**ASSIGNMENT:** Produce a copy of every line in the records that holds the string "maple".

**MATERIALS PROVIDED:**
● ● ● ●
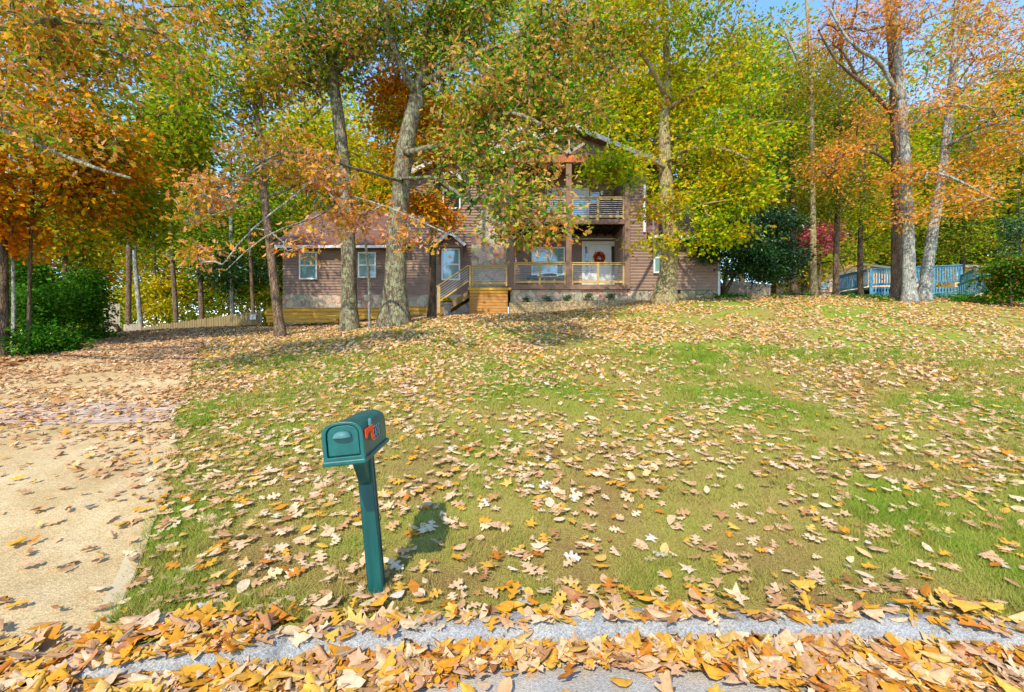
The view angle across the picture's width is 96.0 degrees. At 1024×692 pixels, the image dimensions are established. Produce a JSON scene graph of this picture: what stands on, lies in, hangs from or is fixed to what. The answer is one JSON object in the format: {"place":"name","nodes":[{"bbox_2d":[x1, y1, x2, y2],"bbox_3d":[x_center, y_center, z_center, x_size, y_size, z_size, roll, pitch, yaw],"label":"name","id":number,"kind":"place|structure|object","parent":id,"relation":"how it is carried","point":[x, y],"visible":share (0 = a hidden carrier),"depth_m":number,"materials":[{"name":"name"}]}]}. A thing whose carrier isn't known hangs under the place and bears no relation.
{"place":"outdoors","nodes":[
{"label":"outdoors","id":0,"kind":"place"},
{"bbox_2d":[0,325,232,670],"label":"driveway","id":1,"kind":"structure","parent":0,"point":[42,587],"depth_m":5.08,"materials":[{"name":"beige concrete"}]},
{"bbox_2d":[0,400,183,424],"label":"paver band","id":2,"kind":"object","parent":1,"relation":"on","point":[134,417],"visible":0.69,"depth_m":7.44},
{"bbox_2d":[93,549,141,622],"bbox_3d":[-2.526,1.659,2.863,0.162,0.150,1.747,0,0,-28],"label":"driveway border","id":3,"kind":"object","parent":1,"relation":"on","point":[119,582],"visible":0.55,"depth_m":3.14,"materials":[{"name":"beige concrete"}]},
{"bbox_2d":[0,0,1023,329],"label":"sky","id":4,"kind":"structure","parent":0,"point":[816,4],"materials":[{"name":"blue"}]},
{"bbox_2d":[3,296,1023,648],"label":"ground","id":5,"kind":"structure","parent":0,"point":[635,482],"depth_m":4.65,"materials":[{"name":"plant"}]},
{"bbox_2d":[9,251,70,333],"bbox_3d":[-17.336,-1.640,16.666,3.101,3.917,2.839,0,0,0],"label":"shrub","id":6,"kind":"object","parent":5,"relation":"on","point":[21,275],"visible":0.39,"depth_m":16.36,"materials":[{"name":"green plant"}]},
{"bbox_2d":[0,90,93,351],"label":"hardwood tree","id":7,"kind":"object","parent":5,"relation":"on","point":[12,253],"visible":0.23,"depth_m":13.96,"materials":[{"name":"orange plant"}]},
{"bbox_2d":[0,313,102,356],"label":"shrub","id":8,"kind":"object","parent":5,"relation":"on","point":[44,340],"visible":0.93,"depth_m":13.48,"materials":[{"name":"green plant"}]},
{"bbox_2d":[9,273,108,340],"bbox_3d":[-15.519,-1.011,15.379,2.827,2.780,3.085,0,0,-21],"label":"shrub","id":9,"kind":"object","parent":5,"relation":"on","point":[50,306],"visible":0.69,"depth_m":15.13,"materials":[{"name":"green plant"}]},
{"bbox_2d":[0,4,128,356],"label":"hardwood tree","id":10,"kind":"object","parent":5,"relation":"on","point":[19,206],"visible":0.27,"depth_m":13.10,"materials":[{"name":"orange plant"}]},
{"bbox_2d":[26,178,132,328],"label":"hardwood tree","id":11,"kind":"object","parent":5,"relation":"on","point":[98,253],"visible":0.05,"depth_m":26.90,"materials":[{"name":"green plant"}]},
{"bbox_2d":[37,259,129,335],"bbox_3d":[-15.693,-1.477,16.945,3.044,3.277,2.870,0,0,0],"label":"shrub","id":12,"kind":"object","parent":5,"relation":"on","point":[95,319],"visible":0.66,"depth_m":16.73,"materials":[{"name":"green plant"}]},
{"bbox_2d":[0,0,186,353],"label":"hardwood tree","id":13,"kind":"object","parent":5,"relation":"on","point":[97,182],"visible":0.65,"depth_m":13.05,"materials":[{"name":"orange plant"}]},
{"bbox_2d":[39,228,153,330],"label":"forest tree","id":14,"kind":"object","parent":5,"relation":"on","point":[110,269],"visible":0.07,"depth_m":35.93,"materials":[{"name":"orange plant"}]},
{"bbox_2d":[67,324,125,340],"bbox_3d":[-15.644,-0.419,17.395,2.096,1.182,2.765,0,0,-10],"label":"shrub","id":15,"kind":"object","parent":5,"relation":"on","point":[104,332],"visible":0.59,"depth_m":17.08,"materials":[{"name":"green plant"}]},
{"bbox_2d":[104,302,119,331],"bbox_3d":[-18.667,-1.159,21.515,0.745,1.817,0.030,0,0,0],"label":"plank fence","id":16,"kind":"object","parent":5,"relation":"on","point":[117,308],"visible":0.25,"depth_m":21.50,"materials":[{"name":"beige wood"}]},
{"bbox_2d":[9,0,230,330],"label":"maple tree","id":17,"kind":"object","parent":5,"relation":"on","point":[85,245],"visible":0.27,"depth_m":16.86,"materials":[{"name":"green plant"}]},
{"bbox_2d":[58,193,185,325],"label":"forest tree","id":18,"kind":"object","parent":5,"relation":"on","point":[143,256],"visible":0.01,"depth_m":41.32,"materials":[{"name":"yellow plant"}]},
{"bbox_2d":[0,0,244,183],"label":"oak tree","id":19,"kind":"object","parent":5,"relation":"on","point":[23,22],"visible":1,"depth_m":7.60,"materials":[{"name":"orange plant"}]},
{"bbox_2d":[123,324,141,330],"bbox_3d":[-18.947,-0.218,23.025,0.900,1.736,0.050,0,0,0],"label":"fence panel","id":20,"kind":"object","parent":5,"relation":"on","point":[131,327],"visible":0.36,"depth_m":23.00,"materials":[{"name":"grey wood"}]},
{"bbox_2d":[9,285,282,333],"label":"undergrowth","id":21,"kind":"object","parent":5,"relation":"on","point":[161,321],"visible":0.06,"depth_m":29.04,"materials":[{"name":"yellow plant"}]},
{"bbox_2d":[103,122,192,323],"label":"hardwood tree","id":22,"kind":"object","parent":5,"relation":"on","point":[128,305],"visible":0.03,"depth_m":24.92,"materials":[{"name":"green plant"}]},
{"bbox_2d":[102,215,197,324],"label":"hardwood tree","id":23,"kind":"object","parent":5,"relation":"on","point":[155,288],"visible":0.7,"depth_m":29.44,"materials":[{"name":"yellow plant"}]},
{"bbox_2d":[94,165,226,323],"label":"forest tree","id":24,"kind":"object","parent":5,"relation":"on","point":[142,265],"visible":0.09,"depth_m":33.50,"materials":[{"name":"yellow plant"}]},
{"bbox_2d":[114,54,231,326],"bbox_3d":[-19.689,-7.832,26.402,5.956,16.464,6.074,0,0,-40],"label":"hardwood tree","id":25,"kind":"object","parent":5,"relation":"on","point":[137,291],"visible":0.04,"depth_m":25.91,"materials":[{"name":"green plant"}]},
{"bbox_2d":[127,67,233,322],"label":"hardwood tree","id":26,"kind":"object","parent":5,"relation":"on","point":[174,295],"visible":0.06,"depth_m":25.90,"materials":[{"name":"green plant"}]},
{"bbox_2d":[143,159,247,322],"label":"forest tree","id":27,"kind":"object","parent":5,"relation":"on","point":[216,306],"visible":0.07,"depth_m":37.26,"materials":[{"name":"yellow plant"}]},
{"bbox_2d":[142,310,262,329],"bbox_3d":[-16.702,-0.647,24.640,7.211,2.450,0.091,0,0,6],"label":"picket fence","id":28,"kind":"object","parent":5,"relation":"on","point":[235,319],"visible":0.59,"depth_m":24.47,"materials":[{"name":"beige wood"}]},
{"bbox_2d":[151,182,257,318],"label":"hardwood tree","id":29,"kind":"object","parent":5,"relation":"on","point":[197,230],"visible":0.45,"depth_m":26.81,"materials":[{"name":"brown plant"}]},
{"bbox_2d":[104,0,349,337],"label":"maple tree","id":30,"kind":"object","parent":5,"relation":"on","point":[189,115],"visible":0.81,"depth_m":14.88,"materials":[{"name":"green plant"}]},
{"bbox_2d":[161,132,294,321],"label":"forest tree","id":31,"kind":"object","parent":5,"relation":"on","point":[194,281],"visible":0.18,"depth_m":31.86,"materials":[{"name":"green plant"}]},
{"bbox_2d":[0,313,461,368],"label":"brown leaf litter","id":32,"kind":"object","parent":5,"relation":"on","point":[14,363],"visible":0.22,"depth_m":13.44,"materials":[{"name":"brown plant"}]},
{"bbox_2d":[187,184,282,325],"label":"hardwood tree","id":33,"kind":"object","parent":5,"relation":"on","point":[231,271],"visible":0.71,"depth_m":27.75,"materials":[{"name":"green plant"}]},
{"bbox_2d":[206,189,297,311],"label":"hardwood tree","id":34,"kind":"object","parent":5,"relation":"on","point":[248,221],"visible":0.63,"depth_m":26.92,"materials":[{"name":"green plant"}]},
{"bbox_2d":[207,118,331,317],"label":"forest tree","id":35,"kind":"object","parent":5,"relation":"on","point":[291,203],"visible":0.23,"depth_m":32.10,"materials":[{"name":"green plant"}]},
{"bbox_2d":[207,68,385,313],"bbox_3d":[-15.818,-10.349,36.358,12.499,23.429,13.170,0,0,41],"label":"forest tree","id":36,"kind":"object","parent":5,"relation":"on","point":[329,137],"visible":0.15,"depth_m":34.42,"materials":[{"name":"yellow plant"}]},
{"bbox_2d":[189,0,411,331],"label":"oak tree","id":37,"kind":"object","parent":5,"relation":"on","point":[331,70],"visible":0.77,"depth_m":15.34,"materials":[{"name":"green plant"}]},
{"bbox_2d":[147,112,458,329],"bbox_3d":[-5.071,-2.426,10.946,5.422,4.501,6.866,0,0,-33],"label":"oak sapling","id":38,"kind":"object","parent":5,"relation":"on","point":[342,214],"visible":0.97,"depth_m":9.54,"materials":[{"name":"orange plant"}]},
{"bbox_2d":[221,48,394,219],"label":"forest tree","id":39,"kind":"object","parent":5,"relation":"on","point":[345,110],"visible":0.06,"depth_m":38.27,"materials":[{"name":"yellow plant"}]},
{"bbox_2d":[266,308,379,324],"bbox_3d":[-8.638,-1.287,21.785,5.503,0.974,1.030,0,0,0],"label":"planter box","id":40,"kind":"object","parent":5,"relation":"on","point":[310,311],"visible":0.45,"depth_m":21.30,"materials":[{"name":"yellow wood"}]},
{"bbox_2d":[281,133,413,302],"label":"forest tree","id":41,"kind":"object","parent":5,"relation":"on","point":[354,190],"visible":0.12,"depth_m":34.50,"materials":[{"name":"yellow plant"}]},
{"bbox_2d":[322,410,388,595],"bbox_3d":[-0.940,1.096,2.953,0.254,1.316,0.658,-5,0,-3],"label":"mailbox","id":42,"kind":"object","parent":5,"relation":"on","point":[358,441],"visible":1,"depth_m":3.00,"materials":[{"name":"teal plastic"}]},
{"bbox_2d":[327,425,360,456],"bbox_3d":[-0.977,0.545,2.661,0.179,0.176,0.068,-5,0,-3],"label":"door","id":43,"kind":"structure","parent":42,"relation":"in","point":[342,440],"depth_m":2.66,"materials":[{"name":"teal plastic"}]},
{"bbox_2d":[331,123,423,210],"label":"forest tree","id":44,"kind":"object","parent":5,"relation":"on","point":[368,165],"visible":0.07,"depth_m":35.26,"materials":[{"name":"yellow plant"}]},
{"bbox_2d":[322,1,473,210],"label":"forest tree","id":45,"kind":"object","parent":5,"relation":"on","point":[356,111],"visible":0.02,"depth_m":35.16,"materials":[{"name":"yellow plant"}]},
{"bbox_2d":[352,99,458,209],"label":"forest tree","id":46,"kind":"object","parent":5,"relation":"on","point":[392,165],"visible":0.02,"depth_m":34.86,"materials":[{"name":"yellow plant"}]},
{"bbox_2d":[343,34,478,317],"bbox_3d":[-3.550,-6.655,17.425,5.589,11.767,4.349,0,0,0],"label":"oak sapling","id":47,"kind":"object","parent":5,"relation":"on","point":[392,122],"visible":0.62,"depth_m":16.86,"materials":[{"name":"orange plant"}]},
{"bbox_2d":[409,307,426,315],"bbox_3d":[-4.464,-1.399,22.085,1.212,0.897,1.030,0,0,0],"label":"planter box","id":48,"kind":"object","parent":5,"relation":"on","point":[417,310],"visible":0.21,"depth_m":21.60,"materials":[{"name":"yellow wood"}]},
{"bbox_2d":[222,0,657,328],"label":"oak tree","id":49,"kind":"object","parent":5,"relation":"on","point":[491,97],"visible":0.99,"depth_m":11.95,"materials":[{"name":"green plant"}]},
{"bbox_2d":[441,297,452,314],"bbox_3d":[-2.833,-1.710,20.100,0.529,0.844,0.520,0,0,0],"label":"flower pot","id":50,"kind":"object","parent":5,"relation":"on","point":[446,305],"visible":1,"depth_m":19.95,"materials":[{"name":"grey ceramic"}]},
{"bbox_2d":[372,0,562,167],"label":"forest tree","id":51,"kind":"object","parent":5,"relation":"on","point":[464,70],"visible":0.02,"depth_m":36.65,"materials":[{"name":"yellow plant"}]},
{"bbox_2d":[414,10,567,159],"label":"forest tree","id":52,"kind":"object","parent":5,"relation":"on","point":[498,55],"visible":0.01,"depth_m":37.49,"materials":[{"name":"green plant"}]},
{"bbox_2d":[274,114,719,324],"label":"house","id":53,"kind":"structure","parent":5,"relation":"on","point":[483,279],"depth_m":22.95,"materials":[{"name":"brown wood"}]},
{"bbox_2d":[299,252,317,279],"bbox_3d":[-10.353,-4.086,23.409,0.914,1.410,0.090,0,0,0],"label":"window","id":54,"kind":"structure","parent":53,"relation":"in","point":[308,272],"depth_m":23.40,"materials":[{"name":"glass"}]},
{"bbox_2d":[358,252,375,277],"bbox_3d":[-7.363,-4.113,23.409,0.914,1.306,0.090,0,0,0],"label":"window","id":55,"kind":"structure","parent":53,"relation":"in","point":[362,269],"depth_m":23.40,"materials":[{"name":"glass"}]},
{"bbox_2d":[441,248,459,279],"bbox_3d":[-3.107,-4.145,23.409,0.940,1.606,0.090,0,0,0],"label":"window","id":56,"kind":"structure","parent":53,"relation":"in","point":[449,266],"depth_m":23.40,"materials":[{"name":"glass"}]},
{"bbox_2d":[442,190,460,208],"bbox_3d":[-3.068,-7.442,23.409,0.914,0.966,0.090,0,0,0],"label":"window","id":57,"kind":"structure","parent":53,"relation":"in","point":[458,201],"depth_m":23.40,"materials":[{"name":"white glass"}]},
{"bbox_2d":[531,247,564,275],"bbox_3d":[1.841,-4.282,23.409,1.697,1.488,0.090,0,0,0],"label":"window","id":58,"kind":"structure","parent":53,"relation":"in","point":[555,269],"depth_m":23.40,"materials":[{"name":"glass"}]},
{"bbox_2d":[572,191,586,218],"bbox_3d":[3.326,-6.895,23.430,0.941,1.989,0.050,0,0,0],"label":"balcony door","id":59,"kind":"structure","parent":53,"relation":"in","point":[579,193],"depth_m":23.43,"materials":[{"name":"white paint"}]},
{"bbox_2d":[590,245,608,283],"bbox_3d":[4.452,-4.012,23.404,0.966,2.284,0.122,0,0,0],"label":"door","id":60,"kind":"structure","parent":53,"relation":"in","point":[603,269],"depth_m":23.41,"materials":[{"name":"white paint"}]},
{"bbox_2d":[653,242,662,272],"bbox_3d":[7.047,-4.103,21.409,0.956,1.445,0.090,0,0,0],"label":"window","id":61,"kind":"structure","parent":53,"relation":"in","point":[656,263],"depth_m":21.41,"materials":[{"name":"white paint"}]},
{"bbox_2d":[0,294,1023,400],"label":"fallen leaves","id":62,"kind":"object","parent":5,"relation":"on","point":[663,340],"visible":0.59,"depth_m":12.35,"materials":[{"name":"beige plant"}]},
{"bbox_2d":[460,0,633,131],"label":"forest tree","id":63,"kind":"object","parent":5,"relation":"on","point":[509,24],"visible":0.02,"depth_m":36.04,"materials":[{"name":"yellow plant"}]},
{"bbox_2d":[116,384,1023,626],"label":"fallen leaves","id":64,"kind":"object","parent":5,"relation":"on","point":[777,599],"visible":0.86,"depth_m":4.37,"materials":[{"name":"beige plant"}]},
{"bbox_2d":[509,299,632,312],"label":"retaining wall","id":65,"kind":"structure","parent":5,"relation":"on","point":[525,307],"depth_m":20.95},
{"bbox_2d":[482,0,675,197],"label":"forest tree","id":66,"kind":"object","parent":5,"relation":"on","point":[626,136],"visible":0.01,"depth_m":35.42,"materials":[{"name":"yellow plant"}]},
{"bbox_2d":[549,0,713,203],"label":"forest tree","id":67,"kind":"object","parent":5,"relation":"on","point":[627,133],"visible":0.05,"depth_m":35.11,"materials":[{"name":"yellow plant"}]},
{"bbox_2d":[578,15,725,213],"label":"forest tree","id":68,"kind":"object","parent":5,"relation":"on","point":[626,98],"visible":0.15,"depth_m":35.22,"materials":[{"name":"yellow plant"}]},
{"bbox_2d":[552,0,809,304],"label":"maple tree","id":69,"kind":"object","parent":5,"relation":"on","point":[743,196],"visible":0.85,"depth_m":17.16,"materials":[{"name":"green plant"}]},
{"bbox_2d":[597,0,791,257],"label":"forest tree","id":70,"kind":"object","parent":5,"relation":"on","point":[671,143],"visible":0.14,"depth_m":35.38,"materials":[{"name":"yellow plant"}]},
{"bbox_2d":[651,65,799,283],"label":"forest tree","id":71,"kind":"object","parent":5,"relation":"on","point":[711,165],"visible":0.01,"depth_m":40.51,"materials":[{"name":"green plant"}]},
{"bbox_2d":[725,280,769,295],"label":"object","id":72,"kind":"object","parent":5,"relation":"on","point":[737,287],"visible":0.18,"depth_m":26.50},
{"bbox_2d":[680,141,823,296],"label":"holly tree","id":73,"kind":"object","parent":5,"relation":"on","point":[770,269],"visible":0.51,"depth_m":21.09,"materials":[{"name":"green plant"}]},
{"bbox_2d":[677,29,828,281],"bbox_3d":[18.941,-13.705,37.943,12.985,23.086,12.528,0,0,-32],"label":"forest tree","id":74,"kind":"object","parent":5,"relation":"on","point":[762,69],"visible":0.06,"depth_m":35.70,"materials":[{"name":"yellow plant"}]},
{"bbox_2d":[693,2,850,294],"bbox_3d":[14.279,-10.558,26.052,7.952,16.398,6.571,0,0,0],"label":"hardwood tree","id":75,"kind":"object","parent":5,"relation":"on","point":[794,287],"visible":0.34,"depth_m":25.25,"materials":[{"name":"green plant"}]},
{"bbox_2d":[745,136,832,294],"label":"forest tree","id":76,"kind":"object","parent":5,"relation":"on","point":[774,289],"visible":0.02,"depth_m":44.78,"materials":[{"name":"green plant"}]},
{"bbox_2d":[717,0,889,280],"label":"forest tree","id":77,"kind":"object","parent":5,"relation":"on","point":[784,52],"visible":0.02,"depth_m":49.24,"materials":[{"name":"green plant"}]},
{"bbox_2d":[744,0,881,295],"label":"poplar tree","id":78,"kind":"object","parent":5,"relation":"on","point":[811,91],"visible":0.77,"depth_m":21.85,"materials":[{"name":"green plant"}]},
{"bbox_2d":[732,23,906,294],"bbox_3d":[25.573,-14.086,40.071,13.350,23.556,13.757,0,0,22],"label":"forest tree","id":79,"kind":"object","parent":5,"relation":"on","point":[804,281],"visible":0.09,"depth_m":38.95,"materials":[{"name":"green plant"}]},
{"bbox_2d":[785,220,857,294],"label":"hardwood tree","id":80,"kind":"object","parent":5,"relation":"on","point":[824,238],"visible":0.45,"depth_m":37.48,"materials":[{"name":"brown plant"}]},
{"bbox_2d":[770,263,919,294],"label":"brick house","id":81,"kind":"structure","parent":5,"relation":"on","point":[830,284],"depth_m":45.00,"materials":[{"name":"blue wood"}]},
{"bbox_2d":[800,96,889,268],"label":"forest tree","id":82,"kind":"object","parent":5,"relation":"on","point":[848,229],"visible":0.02,"depth_m":57.65,"materials":[{"name":"green plant"}]},
{"bbox_2d":[777,53,918,294],"bbox_3d":[17.226,-9.336,24.011,5.973,14.212,6.041,0,0,0],"label":"hardwood tree","id":83,"kind":"object","parent":5,"relation":"on","point":[837,210],"visible":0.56,"depth_m":23.66,"materials":[{"name":"brown plant"}]},
{"bbox_2d":[781,0,937,298],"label":"oak tree","id":84,"kind":"object","parent":5,"relation":"on","point":[896,268],"visible":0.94,"depth_m":18.75,"materials":[{"name":"brown plant"}]},
{"bbox_2d":[709,289,1023,303],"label":"ground cover","id":85,"kind":"object","parent":5,"relation":"on","point":[959,297],"visible":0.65,"depth_m":20.19,"materials":[{"name":"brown plant"}]},
{"bbox_2d":[819,91,955,294],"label":"hardwood tree","id":86,"kind":"object","parent":5,"relation":"on","point":[869,238],"visible":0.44,"depth_m":25.57,"materials":[{"name":"green plant"}]},
{"bbox_2d":[820,59,975,267],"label":"forest tree","id":87,"kind":"object","parent":5,"relation":"on","point":[867,92],"visible":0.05,"depth_m":55.90,"materials":[{"name":"yellow plant"}]},
{"bbox_2d":[831,93,976,265],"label":"forest tree","id":88,"kind":"object","parent":5,"relation":"on","point":[881,259],"visible":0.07,"depth_m":53.99,"materials":[{"name":"green plant"}]},
{"bbox_2d":[831,264,987,297],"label":"blue deck","id":89,"kind":"structure","parent":5,"relation":"on","point":[868,277],"depth_m":24.95,"materials":[{"name":"paint"}]},
{"bbox_2d":[822,0,1023,303],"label":"oak tree","id":90,"kind":"object","parent":5,"relation":"on","point":[909,291],"visible":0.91,"depth_m":17.74,"materials":[{"name":"orange plant"}]},
{"bbox_2d":[867,0,1023,265],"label":"forest tree","id":91,"kind":"object","parent":5,"relation":"on","point":[940,128],"visible":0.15,"depth_m":47.96,"materials":[{"name":"green plant"}]},
{"bbox_2d":[878,125,1018,272],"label":"cedar tree","id":92,"kind":"object","parent":5,"relation":"on","point":[960,228],"visible":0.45,"depth_m":27.88,"materials":[{"name":"green plant"}]},
{"bbox_2d":[880,117,1023,291],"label":"forest tree","id":93,"kind":"object","parent":5,"relation":"on","point":[952,261],"visible":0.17,"depth_m":47.87,"materials":[{"name":"green plant"}]},
{"bbox_2d":[915,0,1023,301],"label":"oak tree","id":94,"kind":"object","parent":5,"relation":"on","point":[925,289],"visible":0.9,"depth_m":18.34,"materials":[{"name":"orange plant"}]},
{"bbox_2d":[919,41,1023,297],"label":"forest tree","id":95,"kind":"object","parent":5,"relation":"on","point":[1020,168],"visible":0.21,"depth_m":46.65,"materials":[{"name":"green plant"}]},
{"bbox_2d":[935,260,1023,299],"bbox_3d":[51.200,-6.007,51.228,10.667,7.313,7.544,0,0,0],"label":"fence","id":96,"kind":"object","parent":5,"relation":"on","point":[953,284],"depth_m":48.34,"materials":[{"name":"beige wood"}]},
{"bbox_2d":[957,252,1023,307],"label":"shrub","id":97,"kind":"object","parent":5,"relation":"on","point":[1008,274],"visible":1,"depth_m":17.69,"materials":[{"name":"green plant"}]},
{"bbox_2d":[984,194,1023,262],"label":"cedar tree","id":98,"kind":"object","parent":5,"relation":"on","point":[1019,223],"visible":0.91,"depth_m":25.83,"materials":[{"name":"green plant"}]},
{"bbox_2d":[413,661,996,691],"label":"road","id":99,"kind":"structure","parent":0,"point":[581,678],"depth_m":2.40,"materials":[{"name":"grey asphalt"}]},
{"bbox_2d":[0,576,1023,691],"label":"gutter leaves","id":100,"kind":"object","parent":99,"relation":"on","point":[945,656],"visible":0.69,"depth_m":2.49,"materials":[{"name":"orange plant"}]},
{"bbox_2d":[65,607,1023,687],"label":"kerb","id":101,"kind":"structure","parent":99,"relation":"on","point":[862,627],"depth_m":2.65,"materials":[{"name":"concrete"}]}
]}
● ● ● ●
**TASK ANSWER:**
{"bbox_2d":[9,0,230,330],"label":"maple tree","id":17,"kind":"object","parent":5,"relation":"on","point":[85,245],"visible":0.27,"depth_m":16.86,"materials":[{"name":"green plant"}]},
{"bbox_2d":[104,0,349,337],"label":"maple tree","id":30,"kind":"object","parent":5,"relation":"on","point":[189,115],"visible":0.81,"depth_m":14.88,"materials":[{"name":"green plant"}]},
{"bbox_2d":[552,0,809,304],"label":"maple tree","id":69,"kind":"object","parent":5,"relation":"on","point":[743,196],"visible":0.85,"depth_m":17.16,"materials":[{"name":"green plant"}]},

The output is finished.